The rundown: Disney/Pixar's latest is a funny, smart, colorful and deep story of an 11-year-old girl in transition, as seen by the emotions inside her mind. 94 minutes, plus a 7-minute short


"As anyone who grabbed the tissues during “Finding Nemo,” “Wall-E,” “Toy Story 3” or “Up” can confirm, the folks at Pixar Animation Studios know the magic formula of giving audiences a good laugh and a good cry.
What’s most brilliant about the luminously beautiful “Inside Out,” Pixar’s best movie in a decade, is how director Pete Docter not only connects beautifully to those emotions but turns them into his characters.
Docter, whose past films (“Up” and “Monsters, Inc.”) have shown him to be Pixar’s most conceptual director, starts with a question: “Do you ever look at someone and wonder, ‘What is going on inside their head?’?” Joy (voiced by Amy Poehler) knows the answer, because she’s one of the emotions inside the head of Riley, a happy, hockey-loving 11-year-old girl.
Joy was the first emotion on hand when Riley was born, but soon more arrived: Sadness (voiced by “The Office’s” Phyllis Smith), Fear (voiced by Bill Hader), Disgust (voiced by Mindy Kaling) and Anger (voiced by comic Lewis Black). The five oversee Riley’s day-to-day life, keeping her safe and helping her form memories — with the most important ones, her core memories, powering the islands of Riley’s personality.
That sounds complicated, but Docter and his collaborators (co-director Ronnie Del Carmen, who shares story credit with Docter, and co-screenwriters Meg LeFauve and Josh Cooley) present these ideas with clever and easy-to-grasp symbolism — and the color-coded emotions make the screen pop with brightness.
Riley (voiced by Kaitlyn Dias) is called “our happy girl” by her parents (voiced by Diane Lane and Kyle MacLachlan), and that’s a testament to Joy’s leading role in Headquarters, the control center of Riley’s mind.

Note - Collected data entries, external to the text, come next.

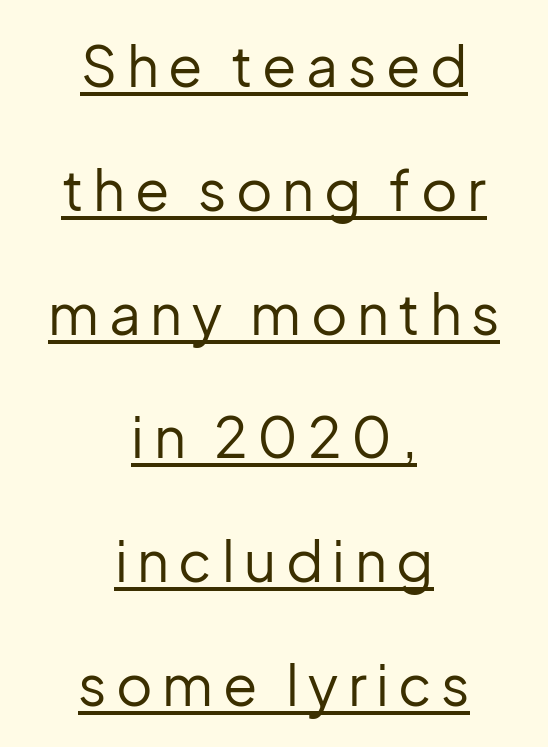
Honestly, the rows look like they've been pulled way apart. Which margin do the lines hug? Neither — every line sits in the middle. No chunkiness to these letters — they're not bold. Look at the bottom of the vertical strokes: they stop flat, with no serifs. Each letter keeps its own natural width here, so spacing adapts to shape.
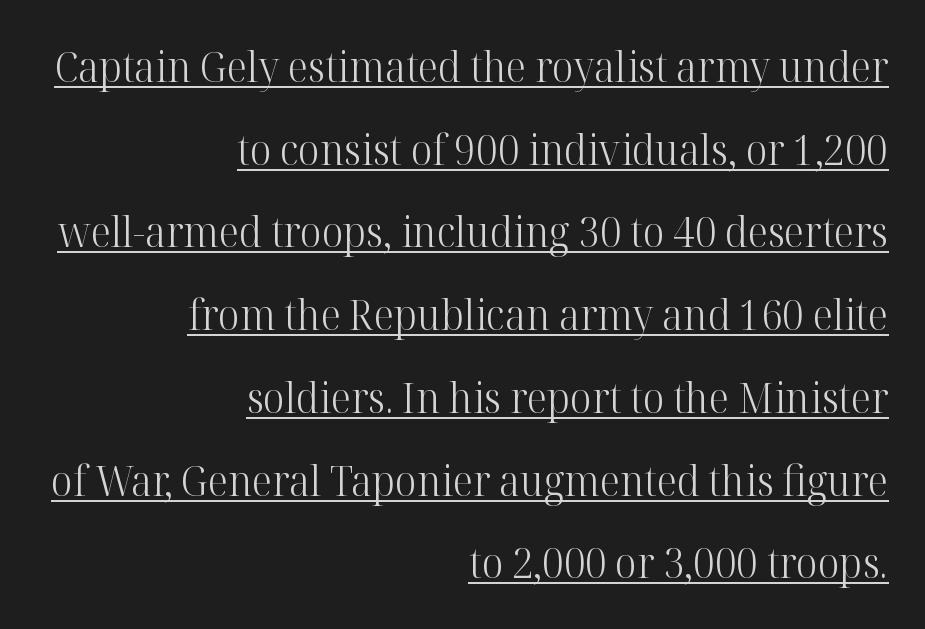
Q: Is the text bold? A: No.
Q: Is the text italic (slanted)? A: No, it is upright.
Q: Is the typeface a serif or a sans-serif typeface? A: Serif.
Q: Is the text underlined? A: Yes.
Q: How is the paragraph aligned? A: Right-aligned.
Q: Is the spacing between letters normal or unusually wide? A: Normal.
Q: Is the spacing between lines tight, normal or loose? A: Loose.
Q: Width (condensed, normal, or wide)? A: Normal.
Q: Stroke contrast? A: High.
Q: x-height? A: Medium.
Q: Monospaced? A: No.
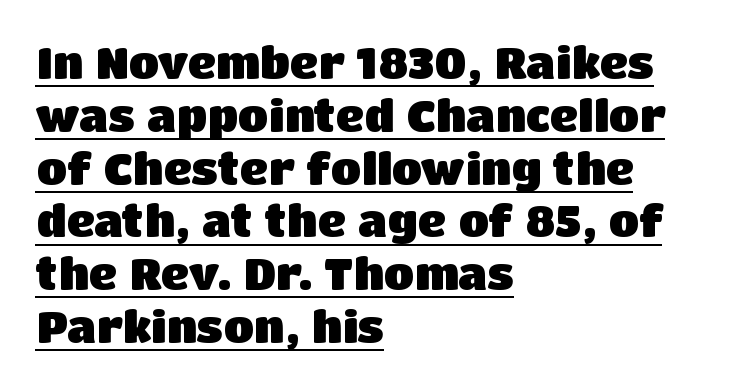
The rendered words wear a rule along their underside. The characters display no serif detailing; their extremities are plain. How are the letters spaced? Ordinarily, with no added tracking. Plenty of ink on the page — the face is bold.
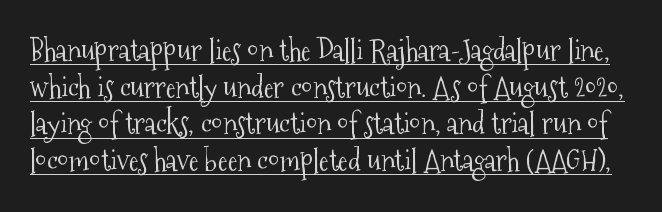
{"serif": "yes", "italic": "no", "bold": "no", "weight": "light", "width": "condensed", "stroke_contrast": "medium", "x_height": "medium", "monospaced": "no", "underline": "yes", "line_spacing": "normal", "line_spacing_ratio": 1.26, "letter_spacing": "normal", "letter_spacing_em": 0.0, "glyph_px": 29}
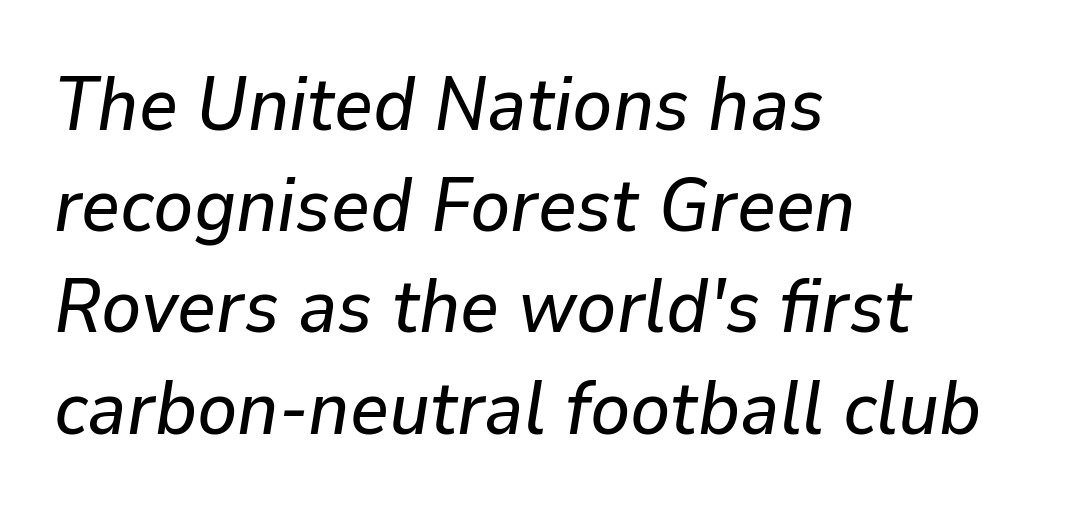
{"italic": "yes", "lean": "right", "slant_degrees": 9, "width": "normal", "stroke_contrast": "low", "x_height": "medium", "monospaced": "no", "underline": "no", "align": "left", "line_spacing": "normal", "line_spacing_ratio": 1.35, "letter_spacing": "normal", "letter_spacing_em": 0.0, "glyph_px": 75}
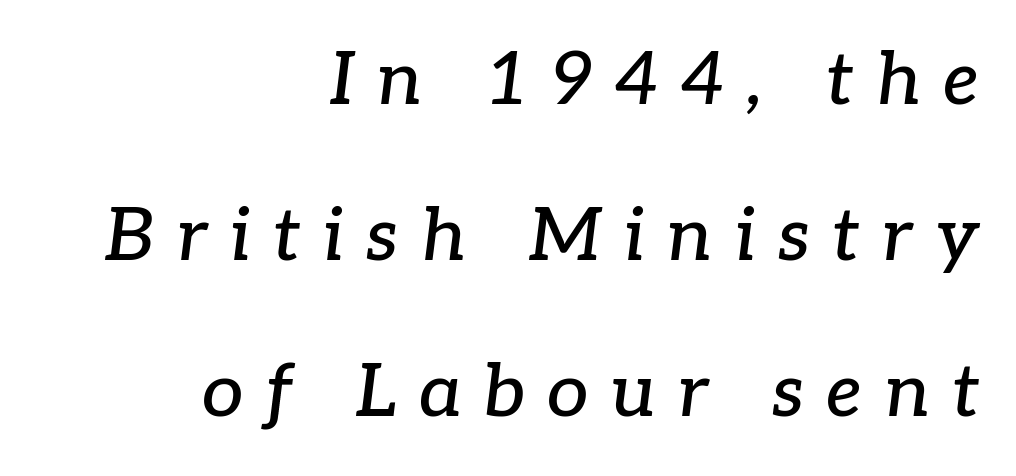
Tracking here is generous; glyphs stand well apart from one another. Does the copy run flush right? Yes — the right margin is perfectly even. The block of text is sparse from top to bottom, with ample space between rows. The letters are slanted; this is an italic face. Any mark beneath the type? The region is blank. The passage shown is typed in a proportional face where columns would drift.
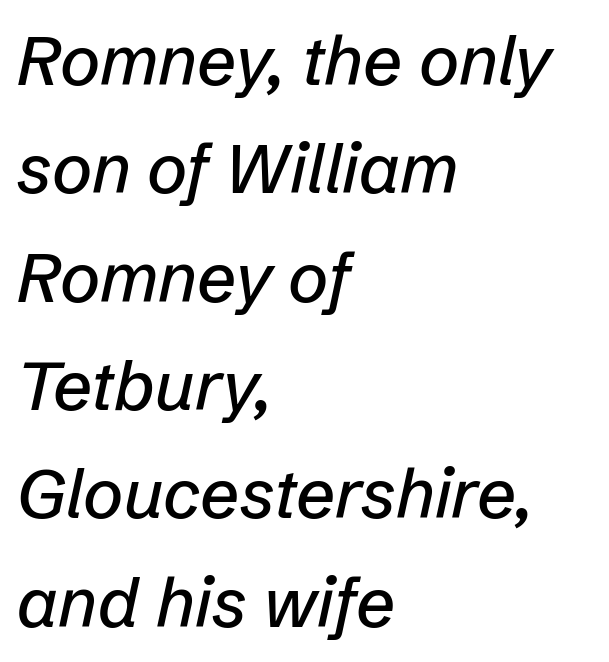
Q: Is the text italic (slanted)? A: Yes, it leans right by about 12 degrees.
Q: Is the text underlined? A: No.
Q: How is the paragraph aligned? A: Left-aligned.
Q: Is the spacing between letters normal or unusually wide? A: Normal.
Q: Is the spacing between lines tight, normal or loose? A: Normal.
Q: Width (condensed, normal, or wide)? A: Normal.
Q: Stroke contrast? A: Low.
Q: x-height? A: Medium.
Q: Monospaced? A: No.
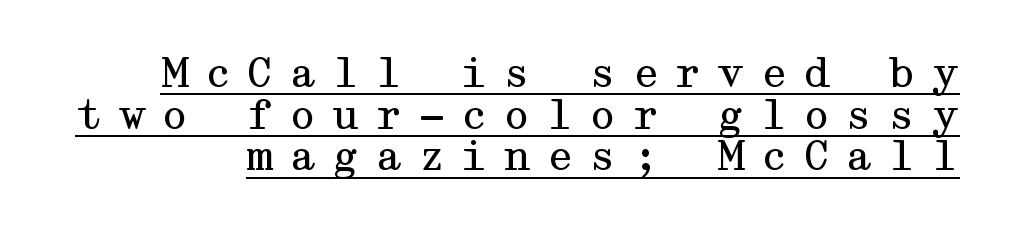
Q: Is the text bold? A: No.
Q: Is the text italic (slanted)? A: No, it is upright.
Q: Is the typeface a serif or a sans-serif typeface? A: Serif.
Q: Is the text underlined? A: Yes.
Q: Is the spacing between letters normal or unusually wide? A: Unusually wide.
Q: Is the spacing between lines tight, normal or loose? A: Tight.
Q: Width (condensed, normal, or wide)? A: Wide.
Q: Stroke contrast? A: Medium.
Q: x-height? A: Medium.
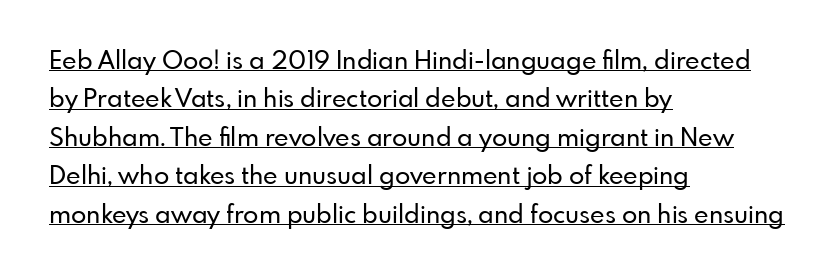
{"italic": "no", "underline": "yes", "align": "left", "line_spacing": "normal", "line_spacing_ratio": 1.54, "letter_spacing": "normal", "letter_spacing_em": 0.0, "glyph_px": 25}
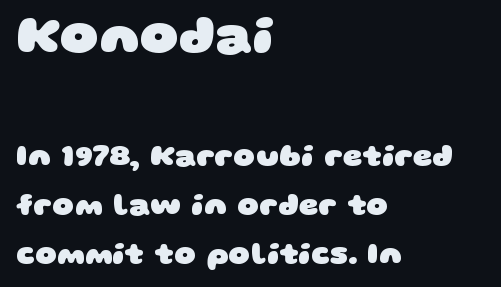
Q: Is the text bold? A: Yes.
Q: Is the typeface a serif or a sans-serif typeface? A: Sans-serif.
Q: Is the text underlined? A: No.
Q: How is the paragraph aligned? A: Left-aligned.
Q: Is the spacing between letters normal or unusually wide? A: Normal.
Q: Is the spacing between lines tight, normal or loose? A: Normal.
Q: Which block of text is set in a larger size, the first (top) or the second (bottom)? A: The first (top) one.
Q: Width (condensed, normal, or wide)? A: Wide.
Q: Stroke contrast? A: Low.
Q: x-height? A: Large.
Q: Monospaced? A: No.
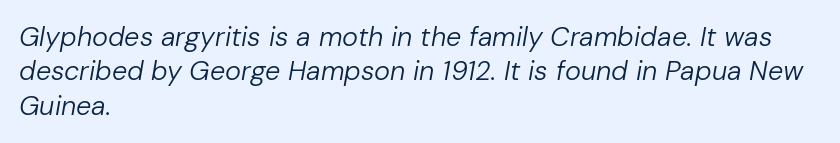
The image shows 27 px text type, italic (leaning right); set left-aligned, normal line spacing (1.27x), normal letter spacing, not underlined.
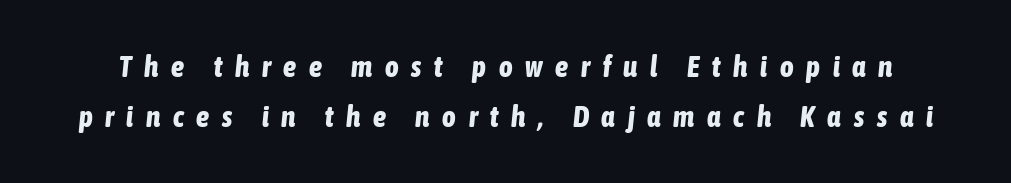
Q: Is the text bold? A: Yes.
Q: Is the text italic (slanted)? A: Yes, it leans right by about 6 degrees.
Q: Is the text underlined? A: No.
Q: Is the spacing between letters normal or unusually wide? A: Unusually wide.
Q: Width (condensed, normal, or wide)? A: Condensed.
Q: Stroke contrast? A: Low.
Q: x-height? A: Medium.
Q: Monospaced? A: No.
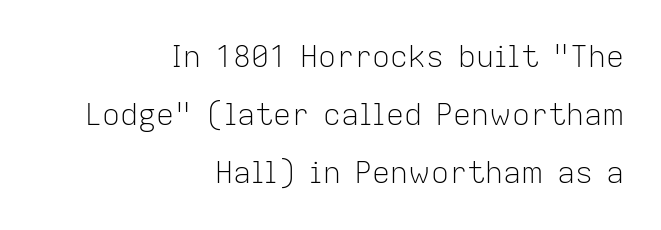
What kind of face is this? One without serifs — a sans. Nobody touched the tracking dial on this one. Compared with typical paragraphs, the rows here are farther apart. The baseline area is clear. Varying glyph widths throughout — classic text-font behaviour. Letters have the restrained weight of plain body copy at most.
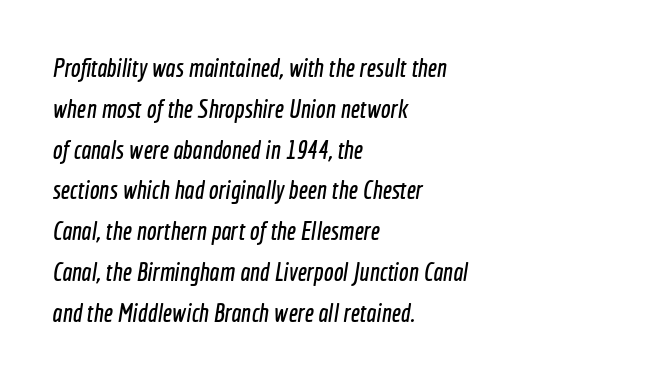
{"underline": "no", "align": "left", "line_spacing": "normal", "line_spacing_ratio": 1.57, "letter_spacing": "normal", "letter_spacing_em": 0.0, "glyph_px": 26}
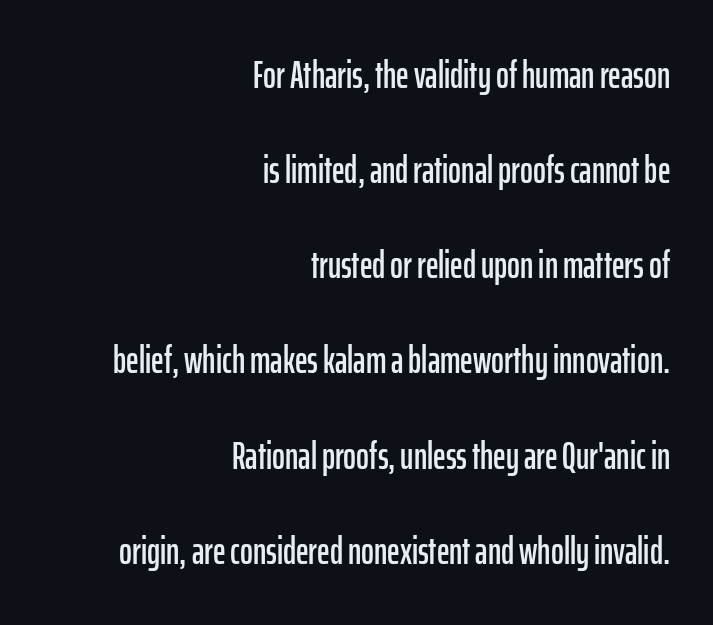
Q: Is the text italic (slanted)? A: No, it is upright.
Q: Is the typeface a serif or a sans-serif typeface? A: Sans-serif.
Q: Is the text underlined? A: No.
Q: How is the paragraph aligned? A: Right-aligned.
Q: Is the spacing between letters normal or unusually wide? A: Normal.
Q: Is the spacing between lines tight, normal or loose? A: Loose.
Q: Width (condensed, normal, or wide)? A: Condensed.
Q: Stroke contrast? A: Low.
Q: x-height? A: Medium.
Q: Monospaced? A: No.
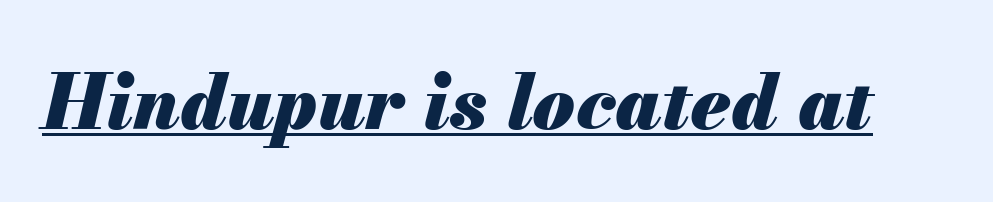
The image shows 77 px heavy type, italic (leaning right); set normal letter spacing, underlined; medium stroke contrast and a small x-height.
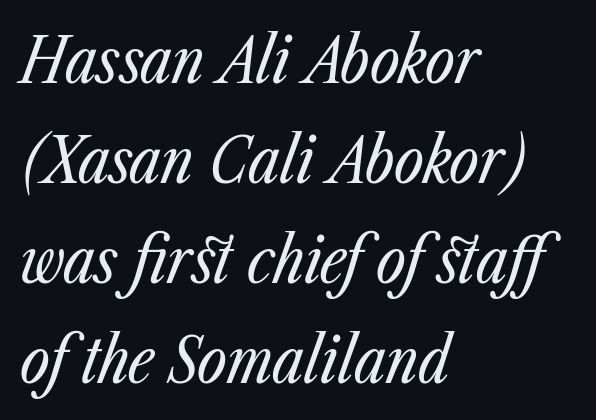
{"italic": "yes", "lean": "right", "slant_degrees": 23, "bold": "no", "weight": "regular", "width": "condensed", "stroke_contrast": "low", "x_height": "medium", "monospaced": "no", "underline": "no", "align": "left", "line_spacing": "normal", "line_spacing_ratio": 1.56, "letter_spacing": "normal", "letter_spacing_em": 0.0, "glyph_px": 64}
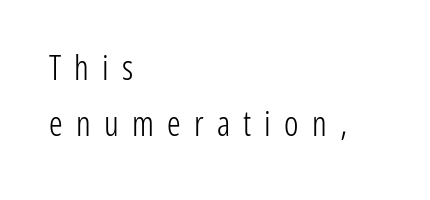
All the whitespace from short lines collects on the right. Is this a fixed-width face? No — the glyphs have proportional, varying widths. The passage shown is not bold in any degree. The letters carry no serifs — their stems end cleanly without finishing strokes. Decoration check: the copy has no underline.
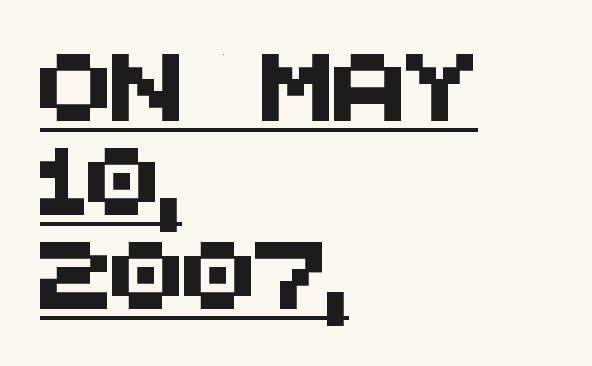
{"serif": "no", "width": "normal", "stroke_contrast": "medium", "x_height": "large", "monospaced": "no", "underline": "yes", "align": "left", "line_spacing": "normal", "line_spacing_ratio": 1.4, "letter_spacing": "normal", "letter_spacing_em": 0.0, "glyph_px": 67}
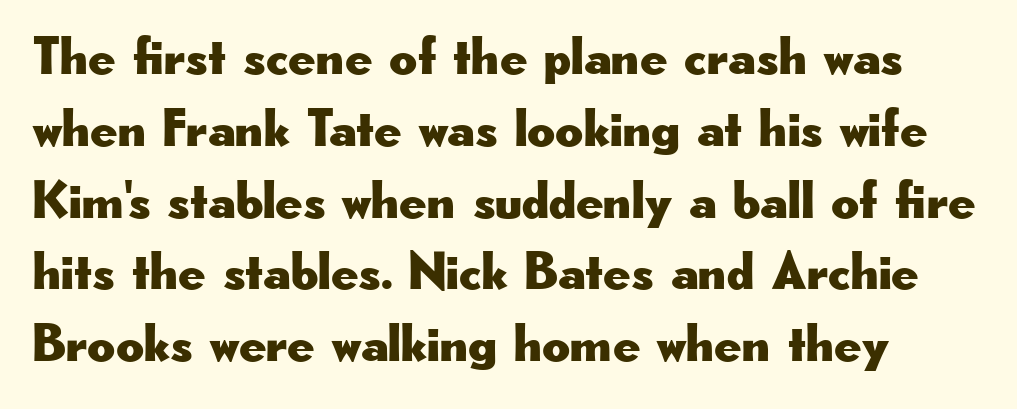
Q: Is the text italic (slanted)? A: No, it is upright.
Q: Is the typeface a serif or a sans-serif typeface? A: Sans-serif.
Q: Is the text underlined? A: No.
Q: Is the spacing between letters normal or unusually wide? A: Normal.
Q: Is the spacing between lines tight, normal or loose? A: Normal.
Q: Width (condensed, normal, or wide)? A: Wide.
Q: Stroke contrast? A: Low.
Q: x-height? A: Small.
Q: Monospaced? A: No.
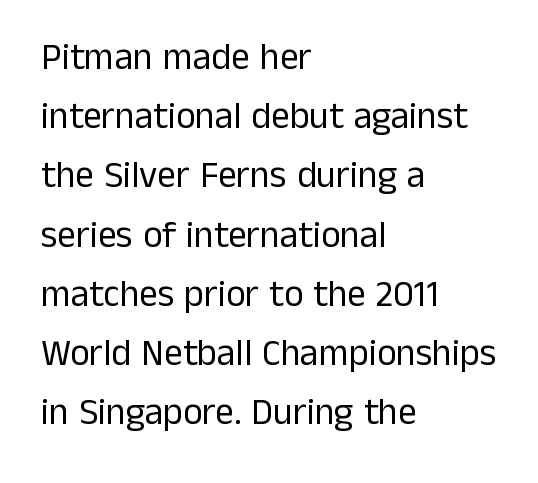
Tracking value appears to be zero — textbook default spacing. Is this a fixed-width face? No — the glyphs have proportional, varying widths. The strokes carry an ordinary text weight at most. Designer's note — italics off, roman on. The rag falls on the right side of this text block. The font family rendered here belongs to the sans-serif group.
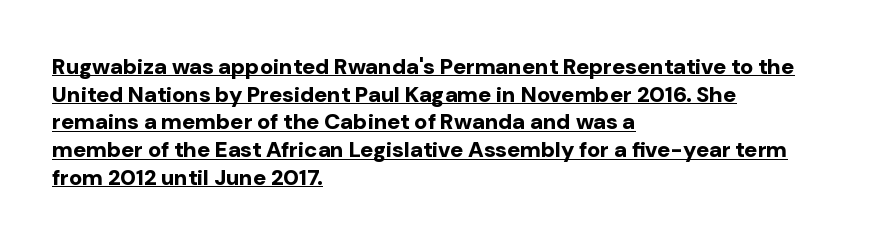
Q: Is the text bold? A: Yes.
Q: Is the text italic (slanted)? A: No, it is upright.
Q: Is the text underlined? A: Yes.
Q: How is the paragraph aligned? A: Left-aligned.
Q: Is the spacing between letters normal or unusually wide? A: Normal.
Q: Is the spacing between lines tight, normal or loose? A: Normal.

When the family moves from Minnesota to San Francisco, Riley finds the adjustment difficult, and her emotions are struggling to keep pace. Joy works frantically to keep Riley happy and keep Sadness from touching the girl’s core memories.
Then Joy and Sadness, the emotional odd couple, accidentally get thrown out of Headquarters — and with Fear, Disgust and Anger left to run the board, Riley transforms into an eye-rolling, back-talking ball of anxiety. Joy and Sadness’ journey back is an adventure that goes through Riley’s imagination, dreams and subconscious. They also befriend her long-forgotten imaginary friend, Bing Bong (voiced by Richard Kind), a singularly ingenious creation in a movie that’s brimming with inventive elements.
The voice casting is perfect, especially with the quintet of actors portraying Riley’s emotions. Poehler channels sly wit and boundless enthusiasm into Joy, and her pairing with Smith’s Eeyore-like Sadness is a fountain of humor. Hader is properly manic as Fear, Kaling gives the right amount of sass as Disgust, and Black turns typecasting into a positive as the fulminating Anger.
It’s old hat to call a movie an “emotional thrill ride,” but in “Inside Out,” it’s literally true. As Riley’s emotions experience their share of thrills and spills, the audience is given space to feel her conflicted emotions. Even Joy learns that it’s all right, and healthy, to feel sad sometimes — and if it’s OK for her, then we who are sniffling in the audience don’t need to feel embarrassed when the house lights come up."